# What to do!



## Lutine (Jan 12, 2016)

Maybe I'm crazy, but I'm already thinking about getting Ponta a friend 🙇 I'm just worried that he's lonely while the SO and I are at work/school. Our cats kind of stare at him but stay out of his way (he's too hyper for them). I asked the man of the house what he thought and he said he would love another one with no hesitation... But what do you guys think? Is it too soon? He's only been home for a month and I'm already hankering after another one 😰

There is a pup from the breeder's mom (she breeds chis as well) that we fell in love with, and she should be ready to come home in about 6 weeks or so. So that'll have been 2.5 months with Ponta as the only child (he'll be 8 months old then). 
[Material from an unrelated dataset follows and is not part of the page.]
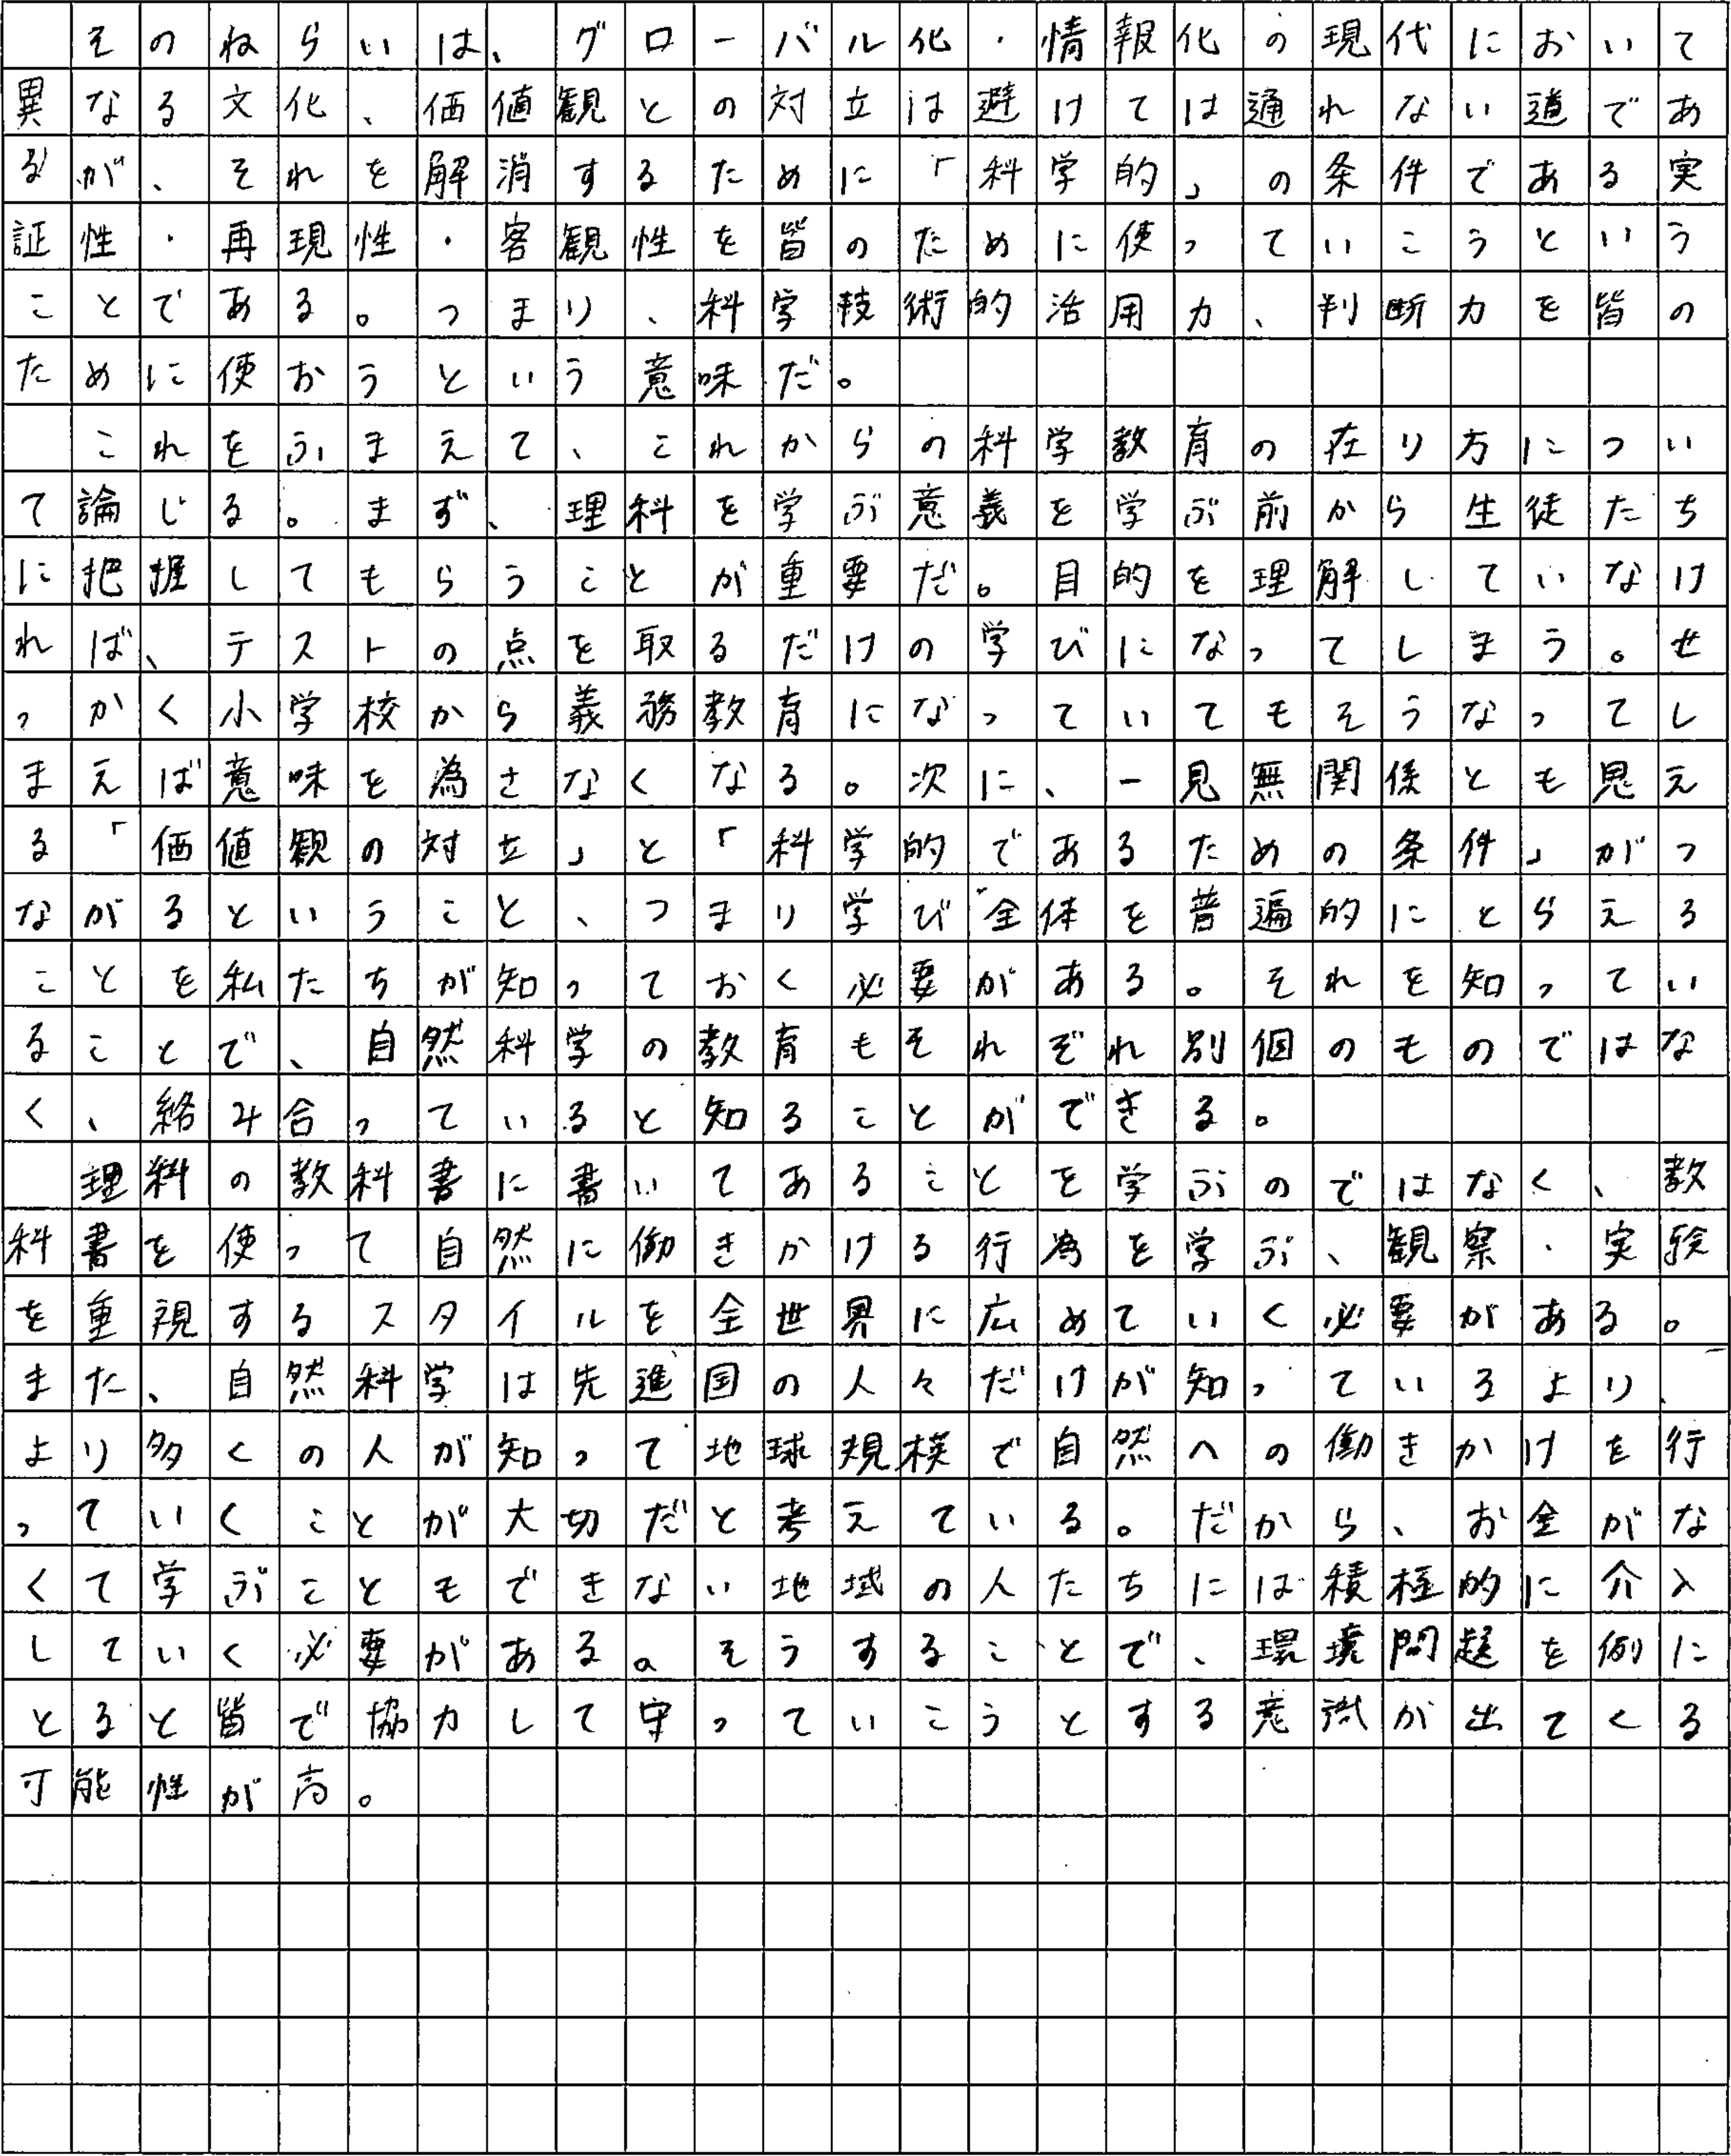　そのねらいは、グローバル化・情報化の現代において異なる文化、価値観との対立は避けては通れない道であるが、それを解消するために「科学的」の条件である実証性・再現性・客観性を皆のために使っていこうということである。つまり、科学技術的活用力、判断力を皆のために使おうという意味だ。
　これをふまえて、これからの科学教育の在り方について論じる。まず、理科を学ぶ意義を学ぶ前から生徒たちに把握してもらうことが重要だ。目的を理解していなければ、テストの点を取るだけの学びになってしまう。せっかく小学校から義務教育になっていてもそうなってしまえば意味を為さなくなる。次に、一見無関係とも思える「価値観の対立」と「科学的であるための条件」がつながるということ、つまり学び全体を普遍的にとらえることを私たちが知っておく必要がある。それを知っていることで、自然科学の教育をそれぞれ別個のものでなはなく、絡み合っていると知ることができる。
　理科の教科書に書いてあることを学ぶのではなく、教科書を使って自然に働きかける行為を学ぶ、観察・実験を重視するスタイルを全世界に広めていく必要がある。また、自然科学は先進国の人々だけが知っているより、より多くの人が知って地球規模で自然への働きかけを行っていくことが大切だと考えている。だから、お金がなくて学ぶこともできない地域の人たちには積極的に介入していく必要がある。そうすることで、環境問題を例にとると皆で協力して守っていこうとする意識が出てくる可能性が高。

Am I being ridiculous or do you think they will be fine? I guess what I'm asking is how long should we wait until getting another one so that both of them are able to get settled in nicely? 

Thanks!


----------



## susan davis (Mar 25, 2011)

Hey if you want one and hubby is willing, GO FOR IT! Ponta will love her.


----------



## Chiluv04 (Dec 19, 2013)

Go for it. I had 2 chis for nearly 3 yrs when I added my third and it took them a while to come around to her but they did eventually. I then added a 4th 6 months later and it was the best thing. For me personally, I've found that getting my chis closer together, in age, worked wonders. I think you should do it. As two is far better than one. Chi's usually love the companionship of other chi's. Also, I love a boy girl combo. You really get the best of both worlds. Although over the years I've grown most fond of having at least 2 girl chi's. I love my boy. Also girls are fun to shop for:blush:


----------



## Lutine (Jan 12, 2016)

susan davis said:


> Hey if you want one and hubby is willing, GO FOR IT! Ponta will love her.


Yes, I'm surprised how ready he was when I asked! I thought for sure he would say a big fat NO! 😂 Ponta is such a joy to have around. I can't imagine life without him. I really hope so! Thanks for the input. 


Chiluv04 said:


> Go for it. I had 2 chis for nearly 3 yrs when I added my third and it took them a while to come around to her but they did eventually. I then added a 4th 6 months later and it was the best thing. For me personally, I've found that getting my chis closer together, in age, worked wonders. I think you should do it. As two is far better than one. Chi's usually love the companionship of other chi's. Also, I love a boy girl combo. You really get the best of both worlds. Although over the years I've grown most fond of having at least 2 girl chi's. I love my boy. Also girls are fun to shop for:blush:


Thank you Meiosha! OK, so it seems like getting them closer in age will be better. I wasn't sure if Ponta needed more time to settle in. Ponta is good with other small dogs and he doesn't bark at them, so I hope they will get along. Yes, I thought maybe having 2 might be better. I am still nervous about making the jump. How was it like for you adding the second? Ponta is really clingy right now, I think it's because he's lonely when we're gone. Not that I mind the cuddles 😃

I also don't know anything about getting a really young puppy. She'll be 12 or 13 weeks when we get her (if we do go with the one we're eyeing). So I'm sure I'll have lots of questions about that!

And yes, girls are fun... I keep wanting to dress up our cats and Ponta with girly things (they are somehow all male, lol) so maybe now I can stop with that 😆


----------



## Chiluv04 (Dec 19, 2013)

The best thing I'd ever done. That is, once they got used to one another. And they were both puppy. After getting my first chi, I got my second, 2 months later they are only a few months apart in age. My youngest 2 are 6 months apart in age. Having two is fun and very manageable. Someday I think I'll stick with two only. 4 is good right now cause in so young. But in the future I'll stick with 2. I think you'll love having 2. And so will Ponta. Is she a long coat?


----------



## Lutine (Jan 12, 2016)

Chiluv04 said:


> The best thing I'd ever done. That is, once they got used to one another. And they were both puppy. After getting my first chi, I got my second, 2 months later they are only a few months apart in age. My youngest 2 are 6 months apart in age. Having two is fun and very manageable. Someday I think I'll stick with two only. 4 is good right now cause in so young. But in the future I'll stick with 2. I think you'll love having 2. And so will Ponta. Is she a long coat?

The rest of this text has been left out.